◆ Your instructions:
Would you please copy all of the data exactly, skipping the images?

◆ Data supplied:
[Start of Attachment]
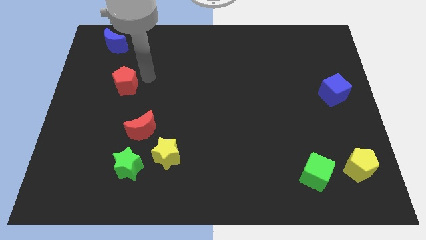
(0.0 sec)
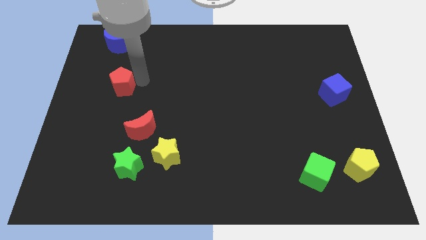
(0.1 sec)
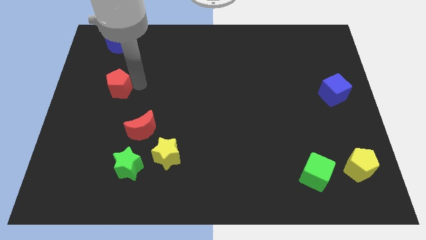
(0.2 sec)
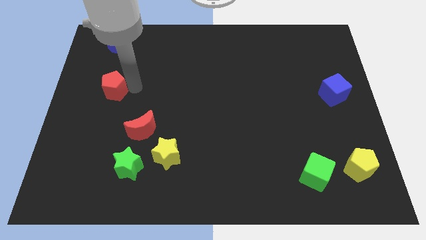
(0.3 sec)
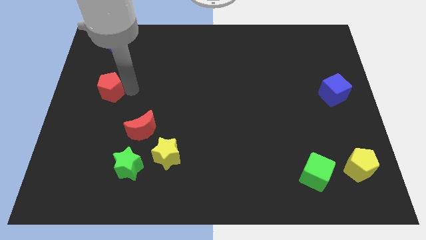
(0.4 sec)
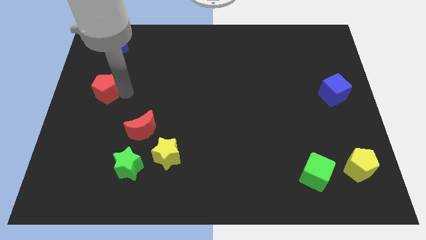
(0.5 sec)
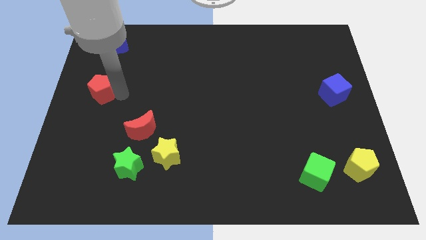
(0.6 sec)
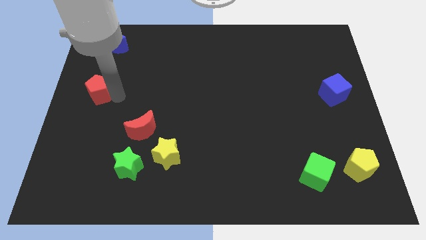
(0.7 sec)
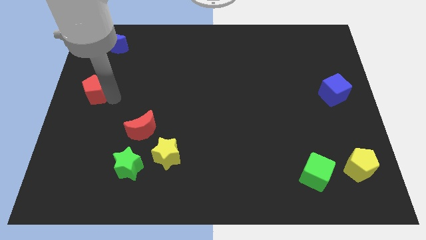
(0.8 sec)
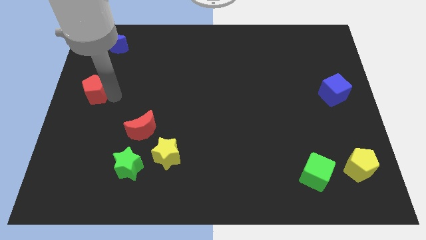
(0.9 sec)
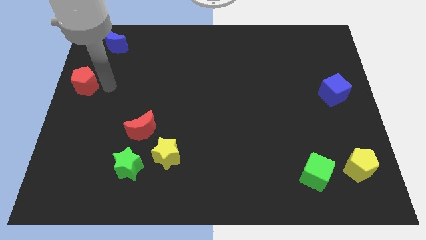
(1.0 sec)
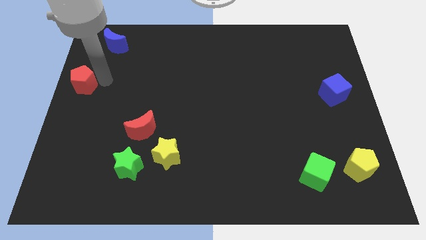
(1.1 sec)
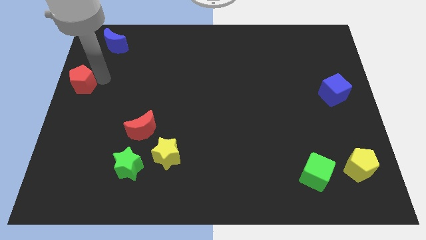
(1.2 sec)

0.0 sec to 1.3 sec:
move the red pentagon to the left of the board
[End of Attachment]
◆ Answer below:
(0.0 sec)
(0.1 sec)
(0.2 sec)
(0.3 sec)
(0.4 sec)
(0.5 sec)
(0.6 sec)
(0.7 sec)
(0.8 sec)
(0.9 sec)
(1.0 sec)
(1.1 sec)
(1.2 sec)

0.0 sec to 1.3 sec:
move the red pentagon to the left of the board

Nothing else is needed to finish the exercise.